-- EXERCISE DETAILS --
Transcribe the records that follow. Keep every word exactly, and drop the pictures.

Source records:
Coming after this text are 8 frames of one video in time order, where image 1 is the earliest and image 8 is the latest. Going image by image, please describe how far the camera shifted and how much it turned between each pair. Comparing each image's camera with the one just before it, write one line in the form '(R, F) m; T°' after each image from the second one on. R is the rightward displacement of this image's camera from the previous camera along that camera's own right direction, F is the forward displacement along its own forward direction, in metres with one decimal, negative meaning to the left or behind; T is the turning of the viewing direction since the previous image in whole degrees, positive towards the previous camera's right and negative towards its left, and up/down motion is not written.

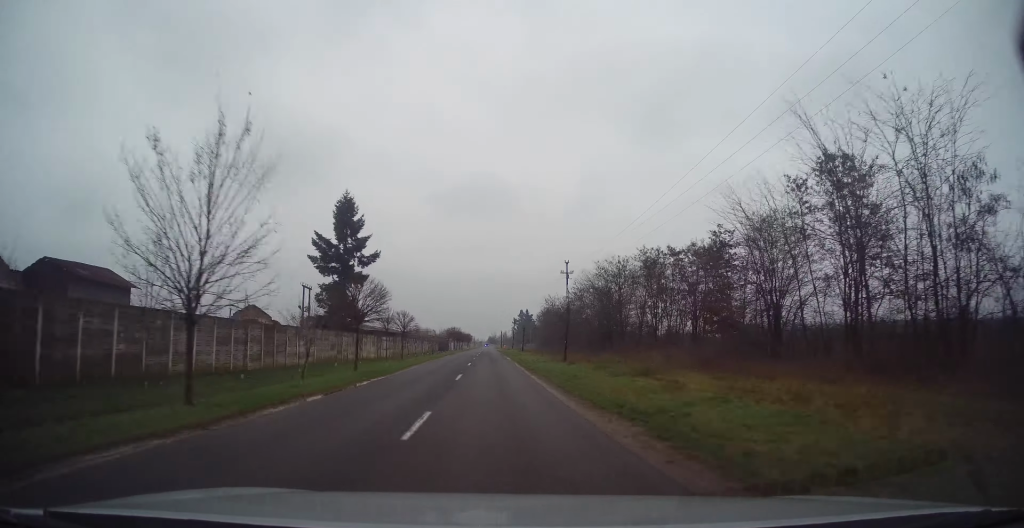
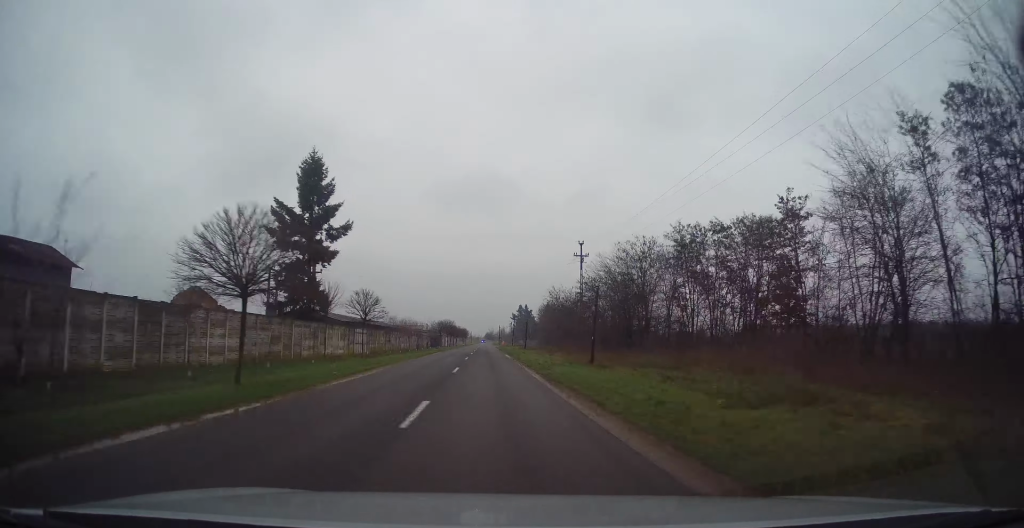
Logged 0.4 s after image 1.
(+0.2, +11.2) m; 0°
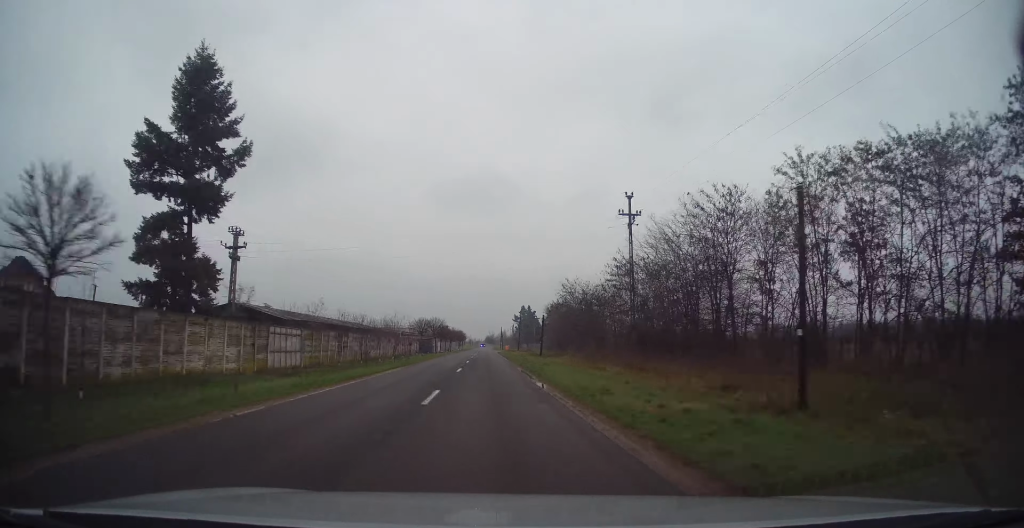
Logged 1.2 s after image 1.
(+0.1, +20.2) m; 0°
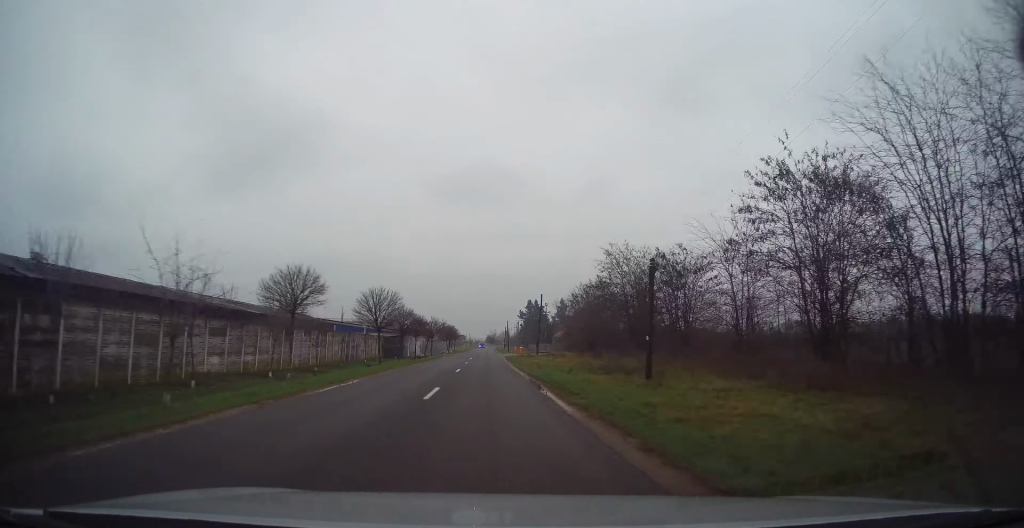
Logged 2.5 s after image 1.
(-0.1, +33.9) m; 0°
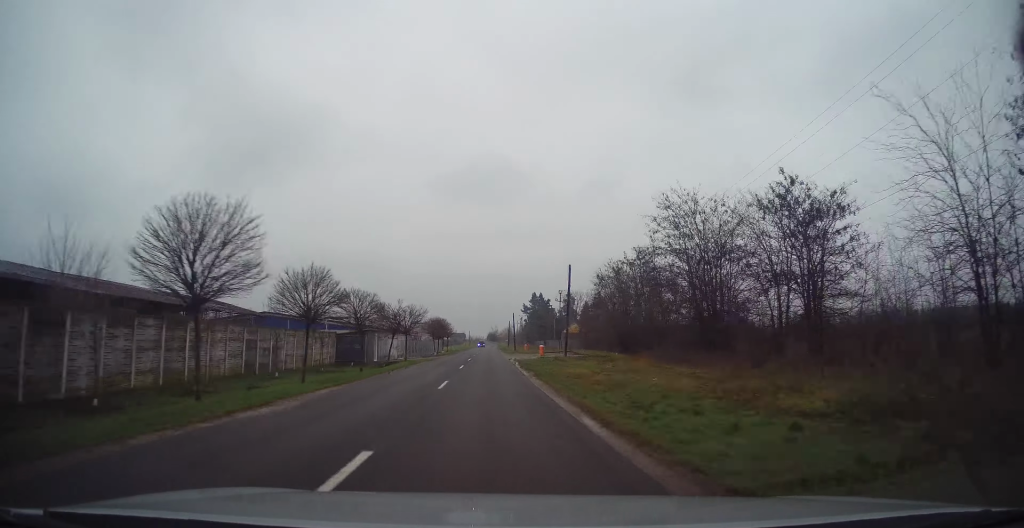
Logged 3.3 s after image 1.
(+0.1, +20.9) m; 0°
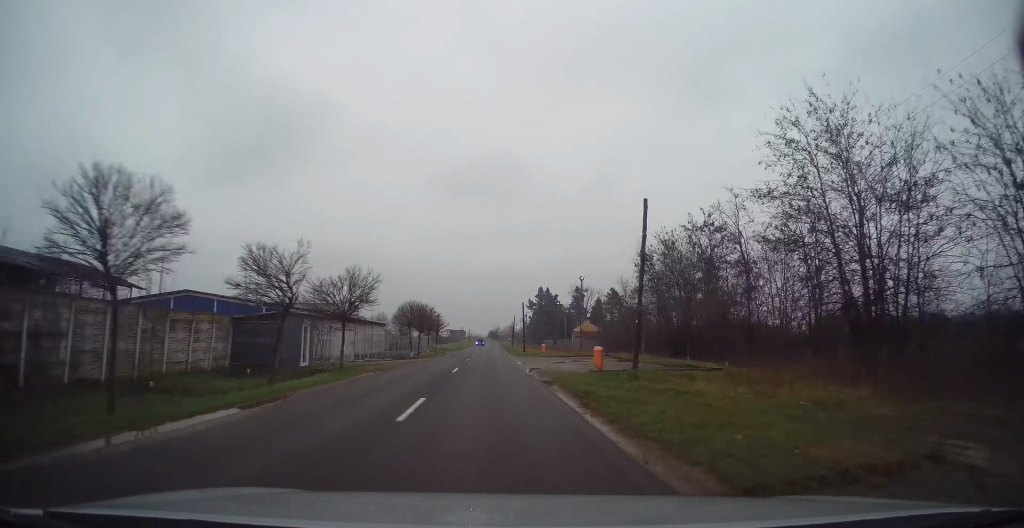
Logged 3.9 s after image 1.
(-0.3, +17.9) m; 0°
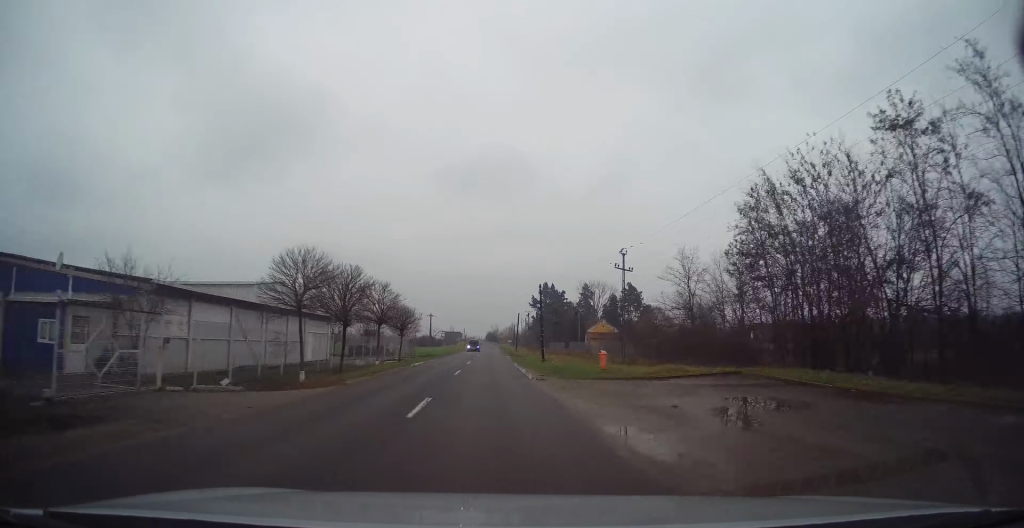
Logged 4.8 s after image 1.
(+0.3, +22.8) m; 0°
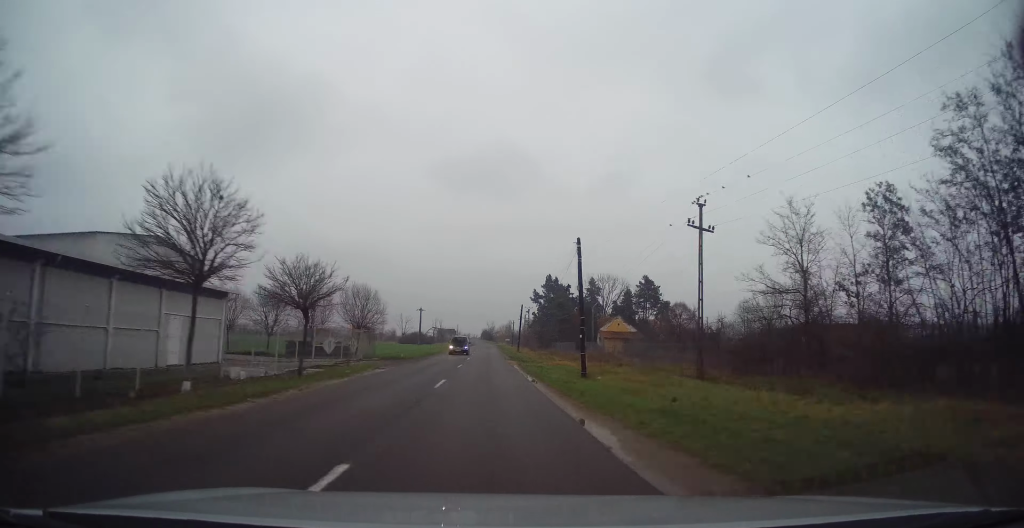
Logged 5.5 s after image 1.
(-0.2, +18.0) m; 0°

-- ANSWER --
Coming after this text are 8 frames of one video in time order, where image 1 is the earliest and image 8 is the latest. Going image by image, please describe how far the camera shifted and how much it turned between each pair. Comparing each image's camera with the one just before it, write one line in the form '(R, F) m; T°' after each image from the second one on. R is the rightward displacement of this image's camera from the previous camera along that camera's own right direction, F is the forward displacement along its own forward direction, in metres with one decimal, negative meaning to the left or behind; T is the turning of the viewing direction since the previous image in whole degrees, positive towards the previous camera's right and negative towards its left, and up/down motion is not written.

Logged 0.4 s after image 1.
(+0.2, +11.2) m; 0°
Logged 1.2 s after image 1.
(+0.1, +20.2) m; 0°
Logged 2.5 s after image 1.
(-0.1, +33.9) m; 0°
Logged 3.3 s after image 1.
(+0.1, +20.9) m; 0°
Logged 3.9 s after image 1.
(-0.3, +17.9) m; 0°
Logged 4.8 s after image 1.
(+0.3, +22.8) m; 0°
Logged 5.5 s after image 1.
(-0.2, +18.0) m; 0°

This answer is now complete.